## Task description
Run through the records and show each line that includes the string "Translation".

(Collection entries)
--

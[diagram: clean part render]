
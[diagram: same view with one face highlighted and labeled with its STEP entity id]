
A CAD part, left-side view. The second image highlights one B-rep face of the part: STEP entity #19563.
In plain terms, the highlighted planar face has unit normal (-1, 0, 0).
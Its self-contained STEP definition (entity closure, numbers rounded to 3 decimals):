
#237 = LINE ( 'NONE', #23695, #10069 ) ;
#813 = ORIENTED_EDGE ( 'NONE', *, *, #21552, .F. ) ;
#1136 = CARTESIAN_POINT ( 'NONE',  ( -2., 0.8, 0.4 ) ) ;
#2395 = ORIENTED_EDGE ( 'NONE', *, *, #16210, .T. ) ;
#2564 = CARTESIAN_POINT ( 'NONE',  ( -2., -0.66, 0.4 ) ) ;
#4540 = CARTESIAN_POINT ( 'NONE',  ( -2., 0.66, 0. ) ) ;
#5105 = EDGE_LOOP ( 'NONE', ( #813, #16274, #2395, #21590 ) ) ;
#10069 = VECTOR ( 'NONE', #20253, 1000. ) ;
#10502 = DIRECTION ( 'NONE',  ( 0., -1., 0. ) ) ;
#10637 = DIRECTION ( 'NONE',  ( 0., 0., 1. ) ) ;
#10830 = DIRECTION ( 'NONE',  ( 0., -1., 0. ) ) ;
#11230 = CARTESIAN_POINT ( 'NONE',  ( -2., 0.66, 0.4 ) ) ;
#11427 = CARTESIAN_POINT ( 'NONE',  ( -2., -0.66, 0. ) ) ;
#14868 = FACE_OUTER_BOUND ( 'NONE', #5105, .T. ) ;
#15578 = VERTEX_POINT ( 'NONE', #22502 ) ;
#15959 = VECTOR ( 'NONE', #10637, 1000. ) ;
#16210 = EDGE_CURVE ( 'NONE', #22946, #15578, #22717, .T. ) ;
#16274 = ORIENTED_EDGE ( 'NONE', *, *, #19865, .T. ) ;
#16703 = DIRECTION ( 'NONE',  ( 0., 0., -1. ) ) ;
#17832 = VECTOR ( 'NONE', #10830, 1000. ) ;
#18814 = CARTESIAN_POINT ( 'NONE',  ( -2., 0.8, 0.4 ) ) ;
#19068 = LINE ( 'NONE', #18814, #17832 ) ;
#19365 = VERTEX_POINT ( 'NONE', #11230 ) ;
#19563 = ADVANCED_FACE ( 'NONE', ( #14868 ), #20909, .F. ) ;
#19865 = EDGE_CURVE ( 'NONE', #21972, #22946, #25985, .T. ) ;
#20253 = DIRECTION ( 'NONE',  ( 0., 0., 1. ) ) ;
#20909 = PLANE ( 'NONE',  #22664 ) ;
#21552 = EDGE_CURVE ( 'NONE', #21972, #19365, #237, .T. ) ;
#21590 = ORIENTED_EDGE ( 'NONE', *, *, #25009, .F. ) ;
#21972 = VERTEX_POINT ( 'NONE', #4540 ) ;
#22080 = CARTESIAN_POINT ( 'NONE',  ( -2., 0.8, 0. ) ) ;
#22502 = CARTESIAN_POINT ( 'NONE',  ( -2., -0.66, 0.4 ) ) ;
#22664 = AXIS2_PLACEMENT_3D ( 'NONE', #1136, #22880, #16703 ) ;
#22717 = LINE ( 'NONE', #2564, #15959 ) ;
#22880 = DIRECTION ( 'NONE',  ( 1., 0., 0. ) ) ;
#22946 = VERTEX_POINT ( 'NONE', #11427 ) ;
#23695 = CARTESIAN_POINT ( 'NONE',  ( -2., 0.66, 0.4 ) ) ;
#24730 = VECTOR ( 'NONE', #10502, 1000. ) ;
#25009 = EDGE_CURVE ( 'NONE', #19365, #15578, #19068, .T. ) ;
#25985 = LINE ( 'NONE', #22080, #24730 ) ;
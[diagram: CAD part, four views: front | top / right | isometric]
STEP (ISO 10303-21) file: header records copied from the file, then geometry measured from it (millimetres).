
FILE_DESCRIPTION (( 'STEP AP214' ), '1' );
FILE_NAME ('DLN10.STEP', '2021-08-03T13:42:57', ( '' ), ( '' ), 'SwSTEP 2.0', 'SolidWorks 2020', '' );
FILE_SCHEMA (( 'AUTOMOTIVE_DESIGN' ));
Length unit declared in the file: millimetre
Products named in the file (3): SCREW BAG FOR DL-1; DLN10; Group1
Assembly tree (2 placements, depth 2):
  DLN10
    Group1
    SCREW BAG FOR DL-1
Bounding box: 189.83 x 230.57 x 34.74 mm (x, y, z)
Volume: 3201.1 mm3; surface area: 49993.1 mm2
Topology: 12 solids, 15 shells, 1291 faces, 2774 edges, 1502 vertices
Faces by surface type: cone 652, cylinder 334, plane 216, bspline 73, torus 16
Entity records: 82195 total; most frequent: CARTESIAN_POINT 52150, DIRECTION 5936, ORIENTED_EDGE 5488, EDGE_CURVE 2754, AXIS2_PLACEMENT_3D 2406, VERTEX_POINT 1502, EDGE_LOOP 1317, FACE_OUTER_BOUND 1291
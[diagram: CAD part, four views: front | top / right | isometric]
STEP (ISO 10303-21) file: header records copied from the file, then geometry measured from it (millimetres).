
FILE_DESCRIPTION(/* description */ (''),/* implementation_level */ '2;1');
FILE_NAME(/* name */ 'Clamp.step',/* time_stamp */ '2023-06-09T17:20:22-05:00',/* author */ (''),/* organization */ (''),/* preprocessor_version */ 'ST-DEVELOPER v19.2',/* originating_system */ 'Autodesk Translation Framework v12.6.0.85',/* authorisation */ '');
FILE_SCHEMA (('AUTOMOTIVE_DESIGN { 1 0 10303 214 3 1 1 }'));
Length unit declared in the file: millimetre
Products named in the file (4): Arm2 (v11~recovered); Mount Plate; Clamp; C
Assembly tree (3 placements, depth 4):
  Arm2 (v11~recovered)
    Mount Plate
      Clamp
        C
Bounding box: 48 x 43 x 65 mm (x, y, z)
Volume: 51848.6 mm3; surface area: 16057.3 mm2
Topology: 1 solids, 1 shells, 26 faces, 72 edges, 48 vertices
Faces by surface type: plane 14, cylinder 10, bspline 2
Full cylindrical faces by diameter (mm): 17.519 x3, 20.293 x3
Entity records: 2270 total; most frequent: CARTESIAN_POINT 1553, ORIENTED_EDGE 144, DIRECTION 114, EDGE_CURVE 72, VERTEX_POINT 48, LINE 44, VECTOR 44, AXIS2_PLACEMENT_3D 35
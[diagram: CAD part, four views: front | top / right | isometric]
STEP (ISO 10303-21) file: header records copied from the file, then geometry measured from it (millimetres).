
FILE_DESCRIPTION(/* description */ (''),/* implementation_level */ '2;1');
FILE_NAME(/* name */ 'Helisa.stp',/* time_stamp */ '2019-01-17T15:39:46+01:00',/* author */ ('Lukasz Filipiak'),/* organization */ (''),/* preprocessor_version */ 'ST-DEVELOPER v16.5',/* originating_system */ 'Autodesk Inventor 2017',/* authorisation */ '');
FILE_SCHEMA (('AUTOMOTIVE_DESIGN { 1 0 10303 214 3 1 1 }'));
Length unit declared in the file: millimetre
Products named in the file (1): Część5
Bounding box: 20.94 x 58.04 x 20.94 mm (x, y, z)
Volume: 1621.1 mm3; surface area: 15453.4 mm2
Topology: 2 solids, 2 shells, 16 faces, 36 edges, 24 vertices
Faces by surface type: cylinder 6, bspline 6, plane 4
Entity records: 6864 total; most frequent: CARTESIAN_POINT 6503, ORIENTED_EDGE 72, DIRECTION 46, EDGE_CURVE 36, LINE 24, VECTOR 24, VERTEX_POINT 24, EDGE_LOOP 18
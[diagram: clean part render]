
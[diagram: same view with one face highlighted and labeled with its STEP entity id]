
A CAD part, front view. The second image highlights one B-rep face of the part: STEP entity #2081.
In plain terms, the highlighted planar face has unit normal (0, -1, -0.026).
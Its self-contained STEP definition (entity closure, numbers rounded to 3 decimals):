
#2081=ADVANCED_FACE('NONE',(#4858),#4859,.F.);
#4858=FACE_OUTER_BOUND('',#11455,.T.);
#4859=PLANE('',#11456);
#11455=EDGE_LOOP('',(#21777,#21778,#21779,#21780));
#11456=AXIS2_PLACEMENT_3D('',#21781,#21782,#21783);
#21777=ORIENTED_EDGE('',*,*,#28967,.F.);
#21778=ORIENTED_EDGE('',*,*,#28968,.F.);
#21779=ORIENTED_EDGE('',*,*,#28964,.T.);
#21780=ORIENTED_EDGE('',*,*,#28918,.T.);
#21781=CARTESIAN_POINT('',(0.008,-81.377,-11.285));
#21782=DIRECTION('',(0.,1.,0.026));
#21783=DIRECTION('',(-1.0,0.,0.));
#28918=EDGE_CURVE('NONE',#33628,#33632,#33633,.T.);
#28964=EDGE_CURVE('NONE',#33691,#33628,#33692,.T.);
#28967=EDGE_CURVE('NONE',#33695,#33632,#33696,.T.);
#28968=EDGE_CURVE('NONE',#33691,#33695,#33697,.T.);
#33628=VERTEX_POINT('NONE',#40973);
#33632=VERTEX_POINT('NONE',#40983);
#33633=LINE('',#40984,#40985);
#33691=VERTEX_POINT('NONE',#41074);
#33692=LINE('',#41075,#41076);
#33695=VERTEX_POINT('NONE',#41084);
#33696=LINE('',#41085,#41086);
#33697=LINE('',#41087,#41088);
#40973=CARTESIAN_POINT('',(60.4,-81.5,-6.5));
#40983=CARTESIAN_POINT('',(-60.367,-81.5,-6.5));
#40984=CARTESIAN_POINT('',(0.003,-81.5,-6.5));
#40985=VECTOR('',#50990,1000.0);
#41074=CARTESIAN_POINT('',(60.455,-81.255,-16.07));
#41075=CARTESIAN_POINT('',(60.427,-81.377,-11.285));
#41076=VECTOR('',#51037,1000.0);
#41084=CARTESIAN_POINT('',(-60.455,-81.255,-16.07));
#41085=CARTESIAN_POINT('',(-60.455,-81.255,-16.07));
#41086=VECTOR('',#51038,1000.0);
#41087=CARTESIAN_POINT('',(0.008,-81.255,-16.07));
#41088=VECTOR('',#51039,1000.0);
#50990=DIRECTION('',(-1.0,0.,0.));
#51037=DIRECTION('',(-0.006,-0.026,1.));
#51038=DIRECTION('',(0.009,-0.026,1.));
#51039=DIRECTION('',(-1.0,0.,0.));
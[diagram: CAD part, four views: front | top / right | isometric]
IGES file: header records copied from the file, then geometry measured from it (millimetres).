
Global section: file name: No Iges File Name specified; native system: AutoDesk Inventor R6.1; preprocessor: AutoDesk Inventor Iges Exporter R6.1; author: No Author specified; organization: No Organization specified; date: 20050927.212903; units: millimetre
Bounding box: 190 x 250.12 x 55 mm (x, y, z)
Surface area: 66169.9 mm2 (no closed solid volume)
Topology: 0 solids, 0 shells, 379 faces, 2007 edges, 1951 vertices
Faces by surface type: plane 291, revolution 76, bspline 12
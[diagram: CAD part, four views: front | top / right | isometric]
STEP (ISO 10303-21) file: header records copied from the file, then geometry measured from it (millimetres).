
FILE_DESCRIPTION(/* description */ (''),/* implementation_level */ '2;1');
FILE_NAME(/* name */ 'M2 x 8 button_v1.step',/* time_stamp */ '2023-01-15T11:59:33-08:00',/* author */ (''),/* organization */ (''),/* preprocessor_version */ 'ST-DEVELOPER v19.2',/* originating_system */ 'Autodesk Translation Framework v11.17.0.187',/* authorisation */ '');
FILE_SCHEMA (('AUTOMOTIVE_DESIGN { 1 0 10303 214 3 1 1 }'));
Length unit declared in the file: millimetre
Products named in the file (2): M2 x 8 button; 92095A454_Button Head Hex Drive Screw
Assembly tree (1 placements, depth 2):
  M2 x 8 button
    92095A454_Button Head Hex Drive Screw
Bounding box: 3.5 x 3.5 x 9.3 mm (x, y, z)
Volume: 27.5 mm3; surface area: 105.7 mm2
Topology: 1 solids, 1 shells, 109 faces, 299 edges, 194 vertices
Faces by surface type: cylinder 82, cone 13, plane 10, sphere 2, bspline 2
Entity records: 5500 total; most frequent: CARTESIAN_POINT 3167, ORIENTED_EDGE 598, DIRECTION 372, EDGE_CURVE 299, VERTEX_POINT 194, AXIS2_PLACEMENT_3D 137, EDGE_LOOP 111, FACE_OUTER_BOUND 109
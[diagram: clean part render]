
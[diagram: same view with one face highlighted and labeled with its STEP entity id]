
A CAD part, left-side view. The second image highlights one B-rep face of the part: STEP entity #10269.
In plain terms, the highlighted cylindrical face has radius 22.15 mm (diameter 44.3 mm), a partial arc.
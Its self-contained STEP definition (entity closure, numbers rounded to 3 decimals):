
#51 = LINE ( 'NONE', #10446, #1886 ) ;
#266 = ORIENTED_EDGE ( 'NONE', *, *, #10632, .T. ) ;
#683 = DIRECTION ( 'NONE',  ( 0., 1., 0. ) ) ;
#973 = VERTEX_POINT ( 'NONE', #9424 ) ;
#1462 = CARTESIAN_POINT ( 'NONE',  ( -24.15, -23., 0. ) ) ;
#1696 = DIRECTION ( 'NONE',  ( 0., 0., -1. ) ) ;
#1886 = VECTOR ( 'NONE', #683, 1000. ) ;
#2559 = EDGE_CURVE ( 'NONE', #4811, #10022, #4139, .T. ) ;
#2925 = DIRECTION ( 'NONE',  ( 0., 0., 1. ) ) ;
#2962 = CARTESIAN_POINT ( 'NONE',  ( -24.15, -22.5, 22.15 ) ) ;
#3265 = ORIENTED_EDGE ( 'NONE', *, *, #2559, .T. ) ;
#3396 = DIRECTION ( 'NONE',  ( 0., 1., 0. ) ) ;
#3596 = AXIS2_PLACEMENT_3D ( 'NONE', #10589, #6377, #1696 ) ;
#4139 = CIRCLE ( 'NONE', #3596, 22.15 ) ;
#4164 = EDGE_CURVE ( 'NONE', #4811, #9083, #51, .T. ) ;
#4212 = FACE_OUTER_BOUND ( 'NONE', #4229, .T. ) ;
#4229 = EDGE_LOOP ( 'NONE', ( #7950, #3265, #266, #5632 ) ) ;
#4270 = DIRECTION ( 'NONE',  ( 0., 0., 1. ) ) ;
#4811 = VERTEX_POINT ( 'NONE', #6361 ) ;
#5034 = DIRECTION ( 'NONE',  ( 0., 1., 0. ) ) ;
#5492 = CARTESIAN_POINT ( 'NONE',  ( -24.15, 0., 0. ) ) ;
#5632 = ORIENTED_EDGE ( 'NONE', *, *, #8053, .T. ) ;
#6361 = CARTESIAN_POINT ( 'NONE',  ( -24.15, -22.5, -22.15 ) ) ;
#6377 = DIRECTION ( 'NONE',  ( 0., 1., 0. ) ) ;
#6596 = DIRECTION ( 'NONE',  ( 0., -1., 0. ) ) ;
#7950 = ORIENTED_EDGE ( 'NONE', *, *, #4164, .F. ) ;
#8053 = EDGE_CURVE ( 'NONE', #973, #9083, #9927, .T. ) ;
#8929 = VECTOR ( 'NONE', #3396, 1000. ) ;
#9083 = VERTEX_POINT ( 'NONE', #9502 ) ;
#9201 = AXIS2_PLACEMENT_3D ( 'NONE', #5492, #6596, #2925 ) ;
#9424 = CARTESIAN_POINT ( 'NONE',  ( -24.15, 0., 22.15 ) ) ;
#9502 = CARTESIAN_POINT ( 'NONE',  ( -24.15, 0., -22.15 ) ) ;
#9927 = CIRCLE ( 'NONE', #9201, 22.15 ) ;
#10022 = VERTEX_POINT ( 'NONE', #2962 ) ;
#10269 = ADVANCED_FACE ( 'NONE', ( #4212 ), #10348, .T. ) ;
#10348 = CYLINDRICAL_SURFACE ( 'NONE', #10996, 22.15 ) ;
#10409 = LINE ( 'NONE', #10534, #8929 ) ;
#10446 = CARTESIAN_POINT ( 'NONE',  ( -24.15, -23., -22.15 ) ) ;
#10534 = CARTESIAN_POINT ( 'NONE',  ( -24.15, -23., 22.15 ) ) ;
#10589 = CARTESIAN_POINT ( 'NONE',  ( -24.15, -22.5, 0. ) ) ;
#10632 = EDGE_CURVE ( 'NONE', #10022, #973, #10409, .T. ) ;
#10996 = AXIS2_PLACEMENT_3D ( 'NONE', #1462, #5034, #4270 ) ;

--

## Expected output
FILE_NAME(/* name */ 'Clamp.step',/* time_stamp */ '2023-06-09T17:20:22-05:00',/* author */ (''),/* organization */ (''),/* preprocessor_version */ 'ST-DEVELOPER v19.2',/* originating_system */ 'Autodesk Translation Framework v12.6.0.85',/* authorisation */ '');
FILE_NAME(/* name */ 'M2 x 8 button_v1.step',/* time_stamp */ '2023-01-15T11:59:33-08:00',/* author */ (''),/* organization */ (''),/* preprocessor_version */ 'ST-DEVELOPER v19.2',/* originating_system */ 'Autodesk Translation Framework v11.17.0.187',/* authorisation */ '');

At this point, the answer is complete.